Irish News: Conflict is over but the battle for truth goes on

Conflict is over but the battle for truth goes on
By Tom Kelly
28/09/09

Nineteen-eighty-one was a seminal year. It didn’t just radicalise northern nationalism – it radicalised much more.

I was in lower sixth preparing for summer exams and my family, like many others, were worried about keeping teenagers out of trouble and ‘The Troubles’.

Most succeeded.

It’s funny the things we remember from that year but Newpoint Players had a production of One Flew Over The Cuckoo’s Nest (insanity was not an inappropriate theme back then).

Also, long before we both worked for Seamus Mallon, the late John Fee and I were in an after-school project called the St Francis’s Youth Group.

Spurs won the FA Cup.

That was May, the same month Bobby Sands died.

Long before 1981 I decided the IRA and so-called republicans were doing nothing for Newry. Well let’s be honest; the remnants of Newry still standing.

In 1981 the scars of the conflict were all around. Hill Street and Monaghan Street were puckered with inexplicable architectural gaps courtesy of the IRA’s economic war. The town centre was a no-go area and the human cost was well evidenced by the thriving trade at the misnomer known as the Newry Labour Exchange, where thousands of people waited with their labour – with little in the way of any exchange going on.

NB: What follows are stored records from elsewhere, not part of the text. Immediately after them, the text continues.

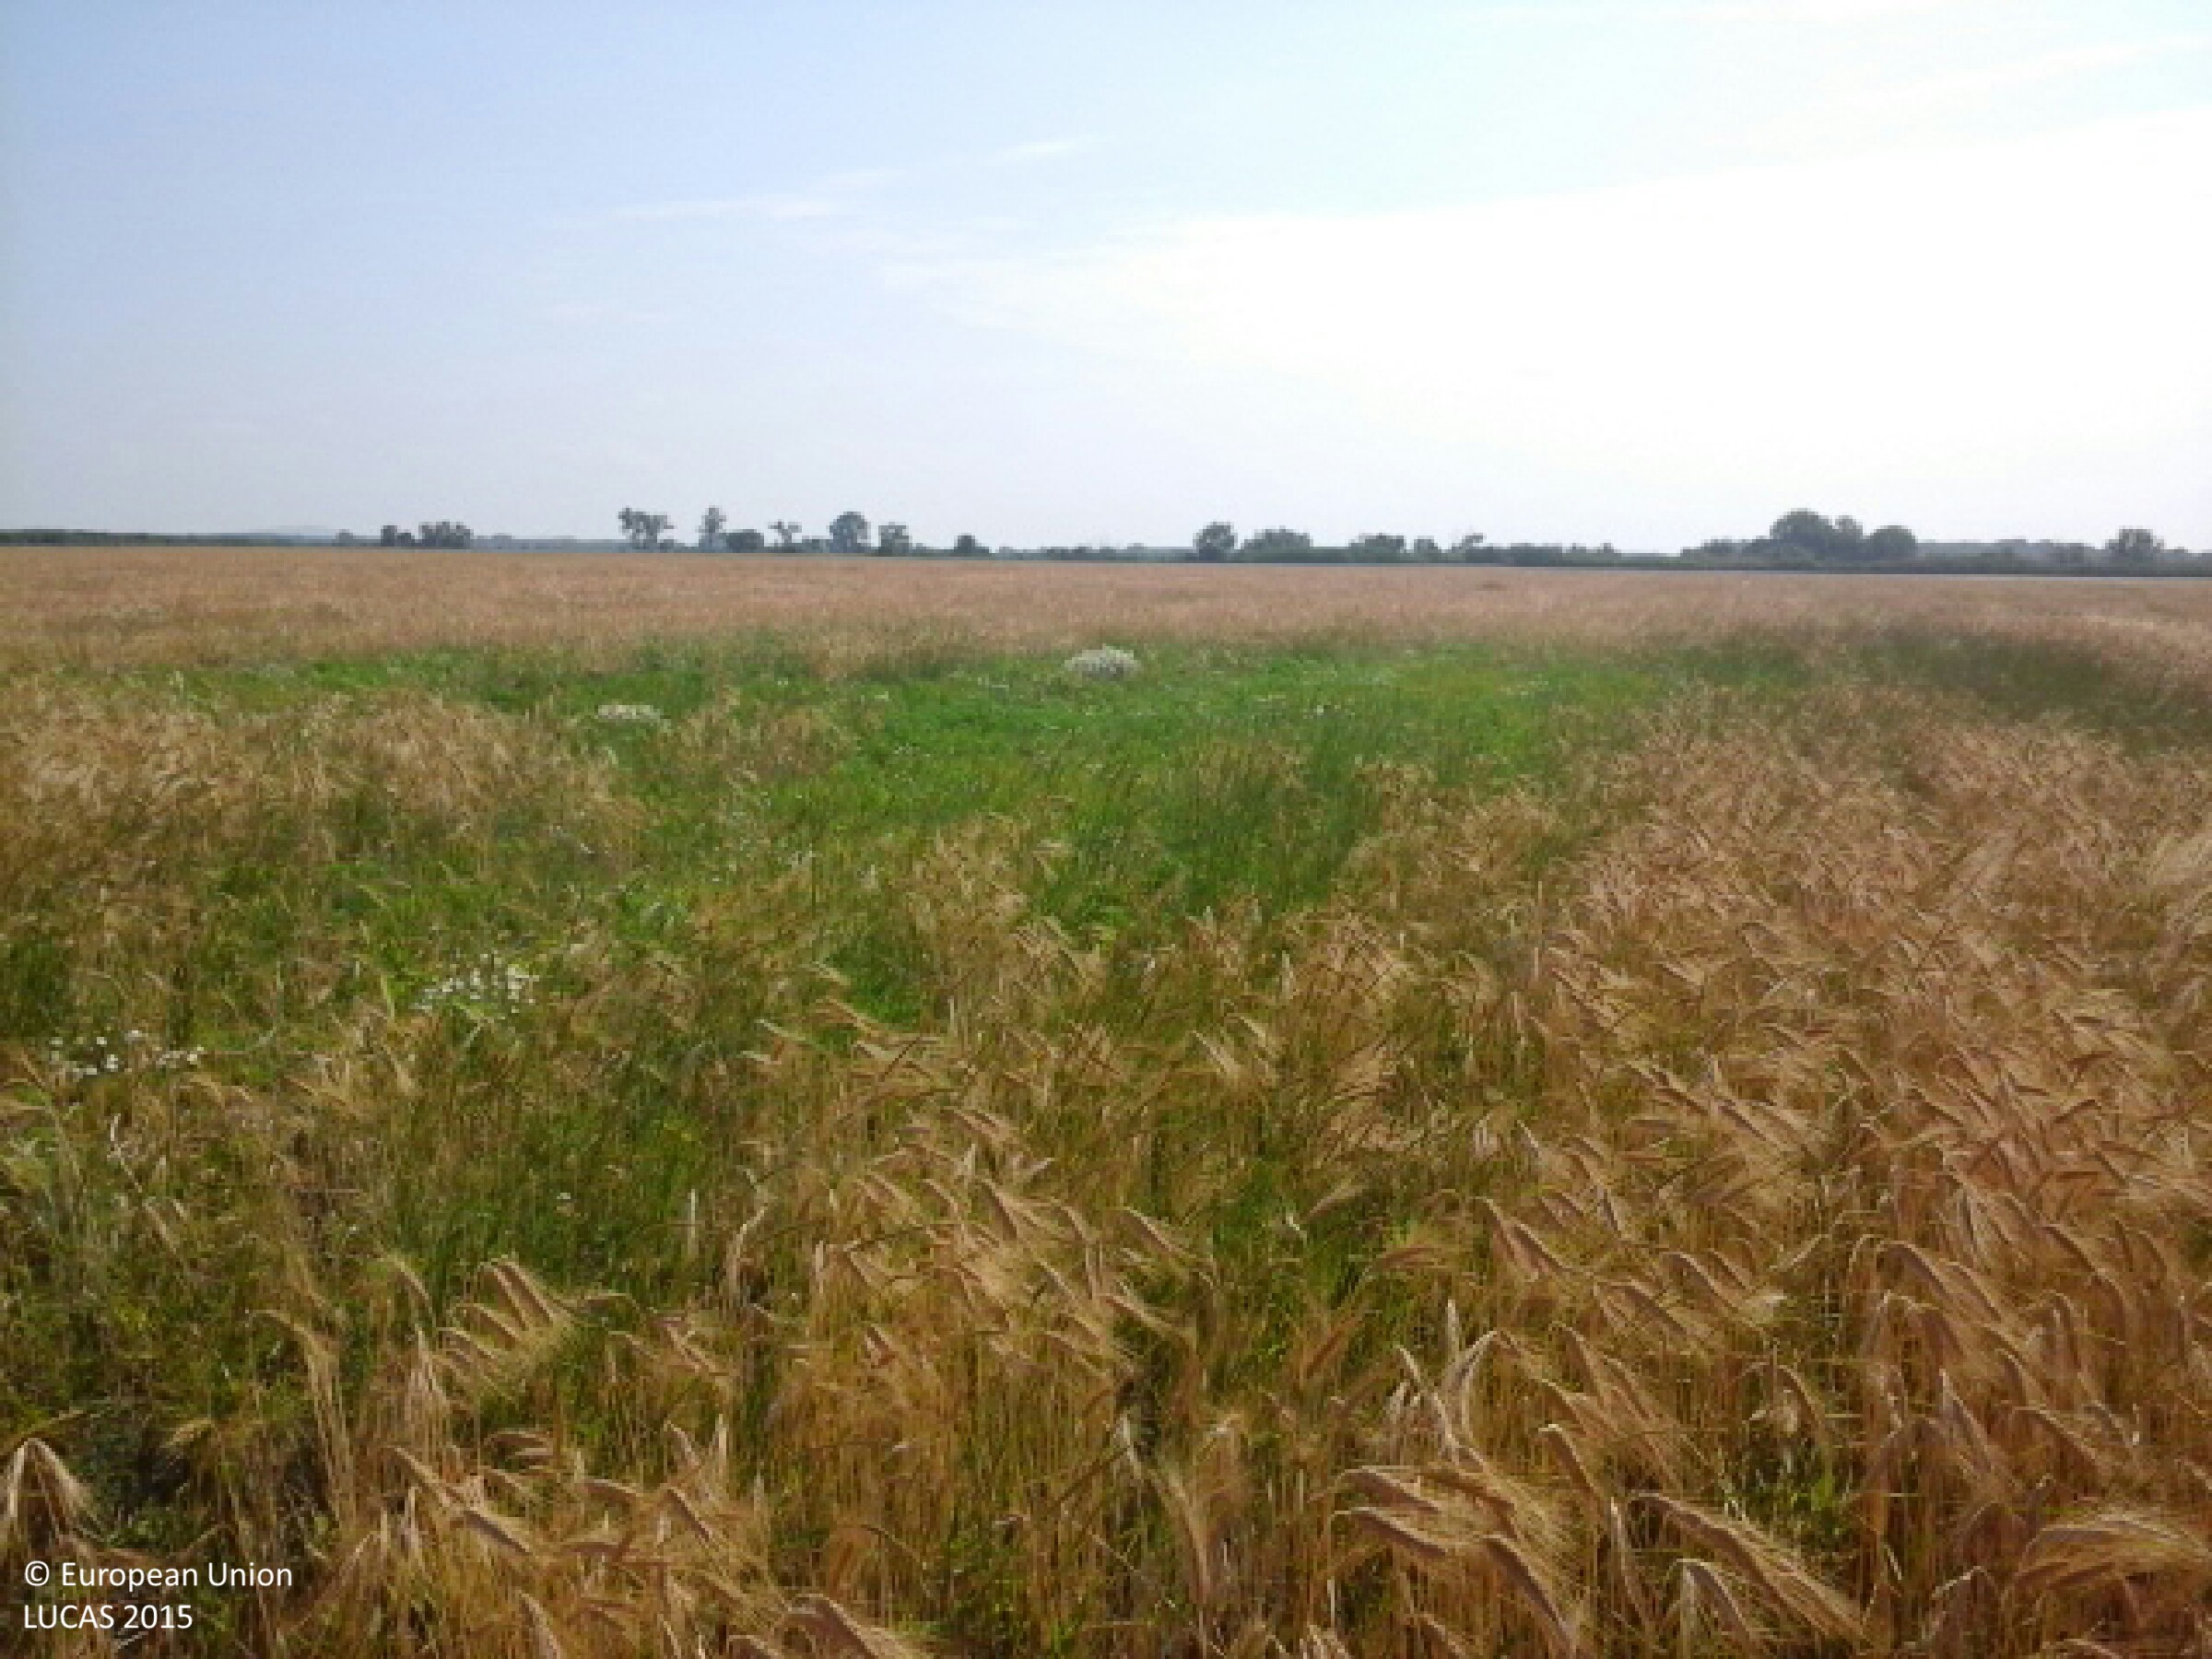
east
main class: Cropland
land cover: Barley
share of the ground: > 75 %
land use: Agriculture (excluding fallow land and kitchen gardens)
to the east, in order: Barley
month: June
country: HU
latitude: 48.3328
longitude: 21.7998
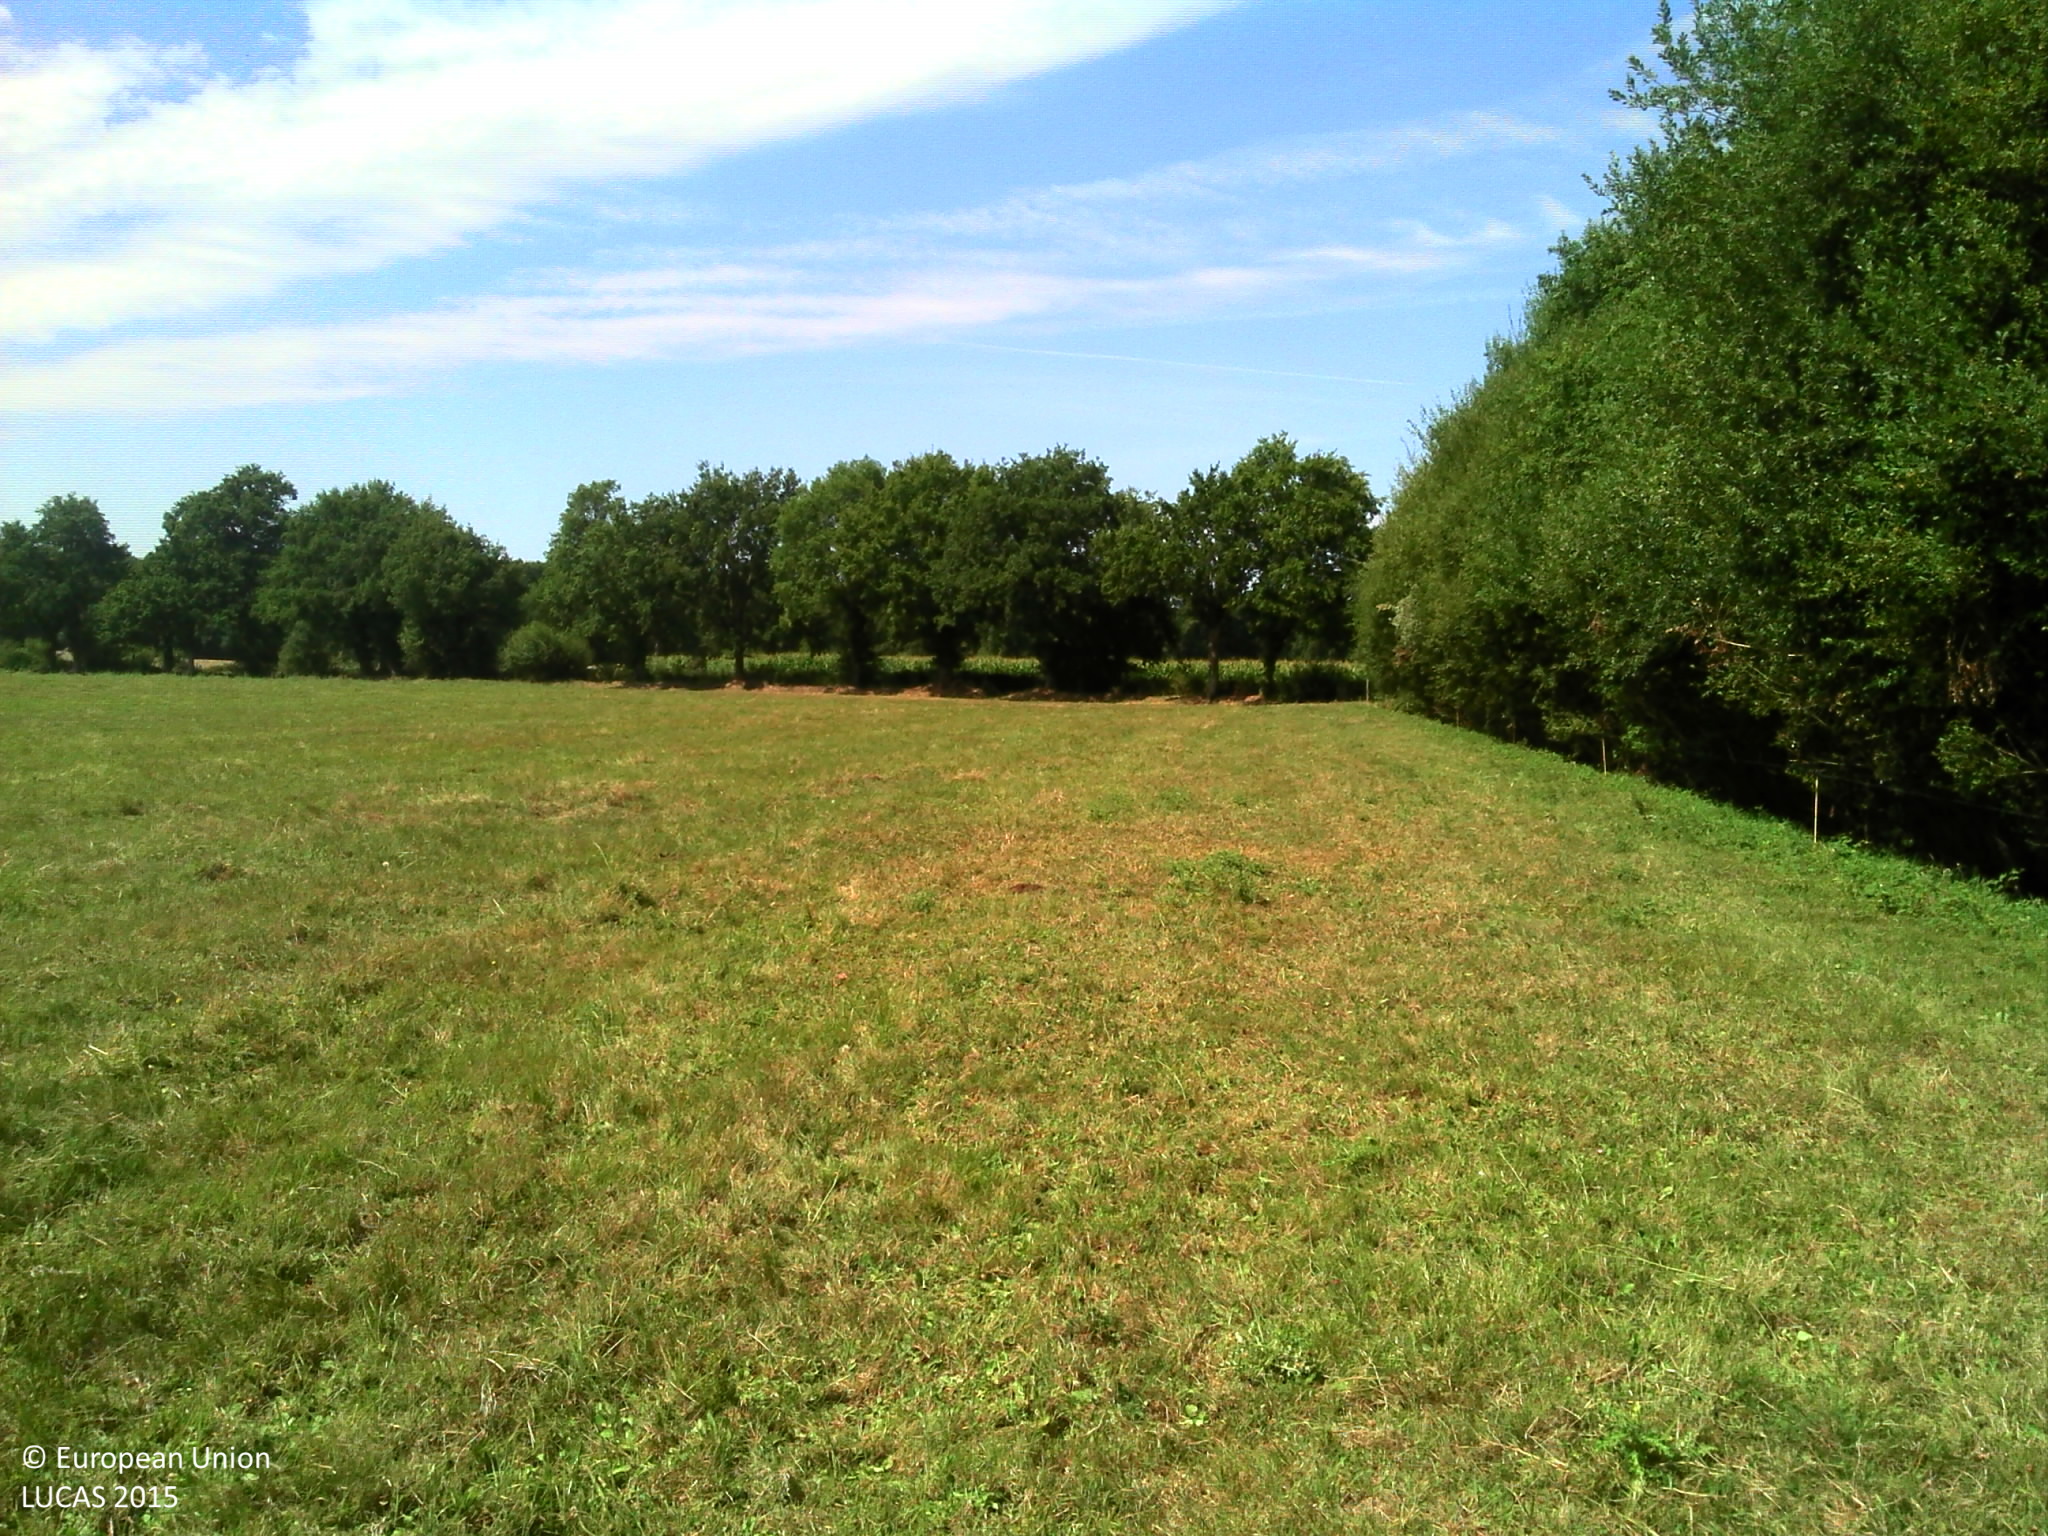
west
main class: Grassland
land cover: Grassland without tree/shrub cover
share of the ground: > 75 %
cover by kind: herbaceous plants 100 %
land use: Agriculture (excluding fallow land and kitchen gardens)
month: August
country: FR
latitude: 47.9272
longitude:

But the Hunger Strike was not something to be ignored.

As a history buff, I knew of the most famous Irish hunger striker, Terence MacSwiney.

His memorial card was among the memorabilia of my grandfather who himself was a political prisoner in Crumlin Road Prison a mere nine months after MacSwiney died.

MacSwiney said that “victory is not won by those who can inflict the most but those who can endure the most”. (He was subsequently invoked by Indian nationalists like Nehru).

But MacSwiney was no pacifist resistance fighter.

He had the messianic zeal of Pearse. He understood not only the principle of personal sacrifice but the impact too. MacSwiney’s death no doubt would have impacted on the emotions of my 17-year-old grandfather.

But just as the madness of the Great War milked the life blood of an entire generation who fought in a conflict neither of their making nor in their interests, the rhetoric of zealots held no truck with me in 1981 and notwithstanding my emotional ties to my grandfather – who as his subsequent election posters said “has in civic affairs and national rendered valuable services” (sic) – to me Provisional Sinn Fein were like monkeys on backs of the nationalist community; with one hand on their throats and the other in their pockets.

But then there was Bobby Sands.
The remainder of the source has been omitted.